Object matching is the crucial technology of road data conflation. We proposed an innovative Voronoi diagram-based approach for matching multi-scale road networks (VAMRN). (1) VAMRN innovatively constructs Voronoi diagrams of road segments that can effectively avoid the intersection of Voronoi polygon and several road segments by the strategy of adding dense points at special intersections. Using Voronoi diagram to filter the candidate matching set of each road segment can effectively avoid manually setting the buffer radius used for searching candidate matching set, and prune the matching searching space, which avoids searching a large number of irrelevant candidates. It improved the universality and efficiency of object matching method. (2) Meanwhile, we designed the geometric similarity metrics including length, shape and direction, and a heuristic combinatorial growth strategy that are helpful for accurately matching multi-scale road data by using Voronoi diagrams. Our method only uses the geometric similarity metrics, which reduces the dependency on object attributes. However, the matching accuracy is still high. Moreover, the proposed approach has the ability to detect all matching pair types including 1:1, 1:N, M:1, M:N, 1:0, and 0:1.

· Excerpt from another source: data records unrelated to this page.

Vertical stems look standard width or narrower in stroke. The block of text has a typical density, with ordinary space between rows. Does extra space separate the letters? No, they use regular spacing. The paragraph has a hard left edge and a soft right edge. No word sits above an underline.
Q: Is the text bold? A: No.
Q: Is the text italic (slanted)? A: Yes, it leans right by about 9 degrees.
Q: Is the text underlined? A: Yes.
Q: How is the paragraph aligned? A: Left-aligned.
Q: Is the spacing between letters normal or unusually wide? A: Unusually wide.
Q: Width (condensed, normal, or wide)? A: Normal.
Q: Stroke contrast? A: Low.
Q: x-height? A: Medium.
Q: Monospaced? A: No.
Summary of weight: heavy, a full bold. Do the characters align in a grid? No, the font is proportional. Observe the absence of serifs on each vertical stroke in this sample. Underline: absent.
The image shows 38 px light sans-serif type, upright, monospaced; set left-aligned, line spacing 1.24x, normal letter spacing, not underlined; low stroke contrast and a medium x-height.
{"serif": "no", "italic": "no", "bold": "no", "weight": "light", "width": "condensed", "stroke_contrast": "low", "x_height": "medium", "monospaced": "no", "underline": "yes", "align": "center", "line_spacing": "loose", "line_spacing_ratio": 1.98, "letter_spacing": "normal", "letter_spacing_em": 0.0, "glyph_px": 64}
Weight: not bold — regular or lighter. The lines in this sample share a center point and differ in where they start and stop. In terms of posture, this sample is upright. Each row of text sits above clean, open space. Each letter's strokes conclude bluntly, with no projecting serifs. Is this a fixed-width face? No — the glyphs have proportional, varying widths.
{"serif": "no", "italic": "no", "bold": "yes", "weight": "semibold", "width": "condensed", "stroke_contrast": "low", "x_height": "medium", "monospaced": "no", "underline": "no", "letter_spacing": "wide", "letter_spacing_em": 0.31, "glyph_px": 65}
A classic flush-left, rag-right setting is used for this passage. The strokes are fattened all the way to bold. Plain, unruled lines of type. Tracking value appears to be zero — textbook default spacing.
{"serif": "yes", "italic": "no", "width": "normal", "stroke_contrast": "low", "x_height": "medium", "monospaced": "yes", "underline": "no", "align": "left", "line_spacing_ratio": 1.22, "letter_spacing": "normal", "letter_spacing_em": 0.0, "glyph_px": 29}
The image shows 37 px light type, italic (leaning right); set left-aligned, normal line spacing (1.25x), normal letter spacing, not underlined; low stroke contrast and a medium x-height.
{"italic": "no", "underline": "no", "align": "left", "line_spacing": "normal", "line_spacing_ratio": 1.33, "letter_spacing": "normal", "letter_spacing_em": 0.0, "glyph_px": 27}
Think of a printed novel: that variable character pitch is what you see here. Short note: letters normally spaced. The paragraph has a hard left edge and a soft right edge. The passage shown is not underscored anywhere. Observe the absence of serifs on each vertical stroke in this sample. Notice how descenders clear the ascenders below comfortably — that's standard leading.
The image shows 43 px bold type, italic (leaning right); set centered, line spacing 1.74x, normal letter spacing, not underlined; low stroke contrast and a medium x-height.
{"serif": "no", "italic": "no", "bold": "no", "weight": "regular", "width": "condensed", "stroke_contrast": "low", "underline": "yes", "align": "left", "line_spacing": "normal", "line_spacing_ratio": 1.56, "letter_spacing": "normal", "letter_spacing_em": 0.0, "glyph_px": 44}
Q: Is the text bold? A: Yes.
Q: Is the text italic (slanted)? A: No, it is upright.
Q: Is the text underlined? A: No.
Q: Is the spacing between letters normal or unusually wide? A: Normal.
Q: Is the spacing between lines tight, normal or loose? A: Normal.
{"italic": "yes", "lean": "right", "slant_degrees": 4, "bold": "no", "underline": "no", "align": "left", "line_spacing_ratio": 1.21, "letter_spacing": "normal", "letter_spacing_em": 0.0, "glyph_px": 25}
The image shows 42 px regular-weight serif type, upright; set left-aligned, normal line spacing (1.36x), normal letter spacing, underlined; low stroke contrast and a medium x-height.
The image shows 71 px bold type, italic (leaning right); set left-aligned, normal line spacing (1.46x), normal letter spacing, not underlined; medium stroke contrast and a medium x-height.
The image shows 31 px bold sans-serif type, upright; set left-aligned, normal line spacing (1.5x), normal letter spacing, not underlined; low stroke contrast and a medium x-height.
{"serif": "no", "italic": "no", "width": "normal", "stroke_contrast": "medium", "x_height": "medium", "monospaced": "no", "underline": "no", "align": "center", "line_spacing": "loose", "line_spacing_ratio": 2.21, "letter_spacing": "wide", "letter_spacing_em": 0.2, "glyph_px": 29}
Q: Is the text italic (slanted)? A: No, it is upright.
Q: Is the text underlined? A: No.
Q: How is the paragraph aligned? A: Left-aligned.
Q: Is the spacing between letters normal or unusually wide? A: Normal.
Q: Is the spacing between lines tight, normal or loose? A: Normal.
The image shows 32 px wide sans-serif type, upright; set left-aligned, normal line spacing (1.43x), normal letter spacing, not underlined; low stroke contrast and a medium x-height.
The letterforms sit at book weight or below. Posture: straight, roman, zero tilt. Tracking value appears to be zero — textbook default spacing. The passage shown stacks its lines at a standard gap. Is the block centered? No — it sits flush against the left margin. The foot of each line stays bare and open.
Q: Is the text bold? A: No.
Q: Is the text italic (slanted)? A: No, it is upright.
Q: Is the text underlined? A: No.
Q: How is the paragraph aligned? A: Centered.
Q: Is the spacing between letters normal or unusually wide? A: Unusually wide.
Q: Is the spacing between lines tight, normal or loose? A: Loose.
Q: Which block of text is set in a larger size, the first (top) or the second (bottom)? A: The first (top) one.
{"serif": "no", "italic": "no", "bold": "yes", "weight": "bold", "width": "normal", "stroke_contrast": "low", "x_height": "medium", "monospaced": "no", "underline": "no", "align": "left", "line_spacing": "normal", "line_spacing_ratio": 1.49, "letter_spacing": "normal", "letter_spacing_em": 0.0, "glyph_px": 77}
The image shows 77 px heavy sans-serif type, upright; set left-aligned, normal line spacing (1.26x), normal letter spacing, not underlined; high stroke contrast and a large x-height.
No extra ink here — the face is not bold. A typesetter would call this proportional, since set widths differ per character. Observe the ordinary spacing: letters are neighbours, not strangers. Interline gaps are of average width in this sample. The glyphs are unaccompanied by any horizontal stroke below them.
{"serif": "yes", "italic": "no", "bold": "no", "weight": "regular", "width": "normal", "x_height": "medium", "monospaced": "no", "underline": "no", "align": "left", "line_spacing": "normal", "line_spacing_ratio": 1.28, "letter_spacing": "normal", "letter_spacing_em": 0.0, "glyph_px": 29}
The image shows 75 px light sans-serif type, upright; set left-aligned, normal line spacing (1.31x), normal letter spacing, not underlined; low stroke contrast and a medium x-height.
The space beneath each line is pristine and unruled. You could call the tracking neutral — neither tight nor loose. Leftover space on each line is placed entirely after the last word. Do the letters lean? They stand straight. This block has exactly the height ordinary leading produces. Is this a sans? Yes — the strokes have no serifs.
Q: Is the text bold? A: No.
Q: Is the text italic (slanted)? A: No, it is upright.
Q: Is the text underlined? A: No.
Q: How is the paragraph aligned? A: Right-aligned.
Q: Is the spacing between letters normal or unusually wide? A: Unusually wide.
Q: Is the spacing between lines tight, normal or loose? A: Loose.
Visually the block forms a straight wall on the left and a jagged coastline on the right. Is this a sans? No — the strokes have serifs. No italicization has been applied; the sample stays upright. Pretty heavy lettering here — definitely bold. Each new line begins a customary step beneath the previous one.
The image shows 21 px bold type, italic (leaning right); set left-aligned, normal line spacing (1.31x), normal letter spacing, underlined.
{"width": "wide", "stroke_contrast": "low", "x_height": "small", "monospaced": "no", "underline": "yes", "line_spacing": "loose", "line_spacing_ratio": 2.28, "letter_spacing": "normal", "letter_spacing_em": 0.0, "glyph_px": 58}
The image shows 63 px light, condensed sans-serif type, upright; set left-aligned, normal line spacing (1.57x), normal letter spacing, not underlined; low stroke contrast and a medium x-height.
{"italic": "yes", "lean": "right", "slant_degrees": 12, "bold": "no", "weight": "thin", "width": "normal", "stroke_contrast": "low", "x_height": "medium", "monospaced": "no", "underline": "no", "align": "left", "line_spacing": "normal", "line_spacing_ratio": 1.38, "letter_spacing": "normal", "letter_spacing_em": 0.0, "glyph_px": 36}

In general, VAMRN demonstrated higher quality and good performance in overall matching results compared with the BG and PR methods, and offered a more universal and practical approach for matching multi-scale and complex road network data. However, VAMRN also had two shortcomings: (1) the threshold values for determining corresponding objects were set by expert experience, while when the map scales of identical objects span a large scale, some corresponding objects with large differences in shape may fail to match because of the threshold selection problem. The next work will investigate adaptively thresholds setting of geometric similarity metrics to reduce manual intervention; (2) when the positional discrepancies between the two road networks are great or the local regional roads are relatively dense, the Voronoi diagram of the source road segment may not query all matching candidates, which leads to false matches or missed matches. These two shortcomings need to be further investigated in depth. In addition, in future research, more multi-source and multi-scale road network data will be acquired for validation and optimization of our method.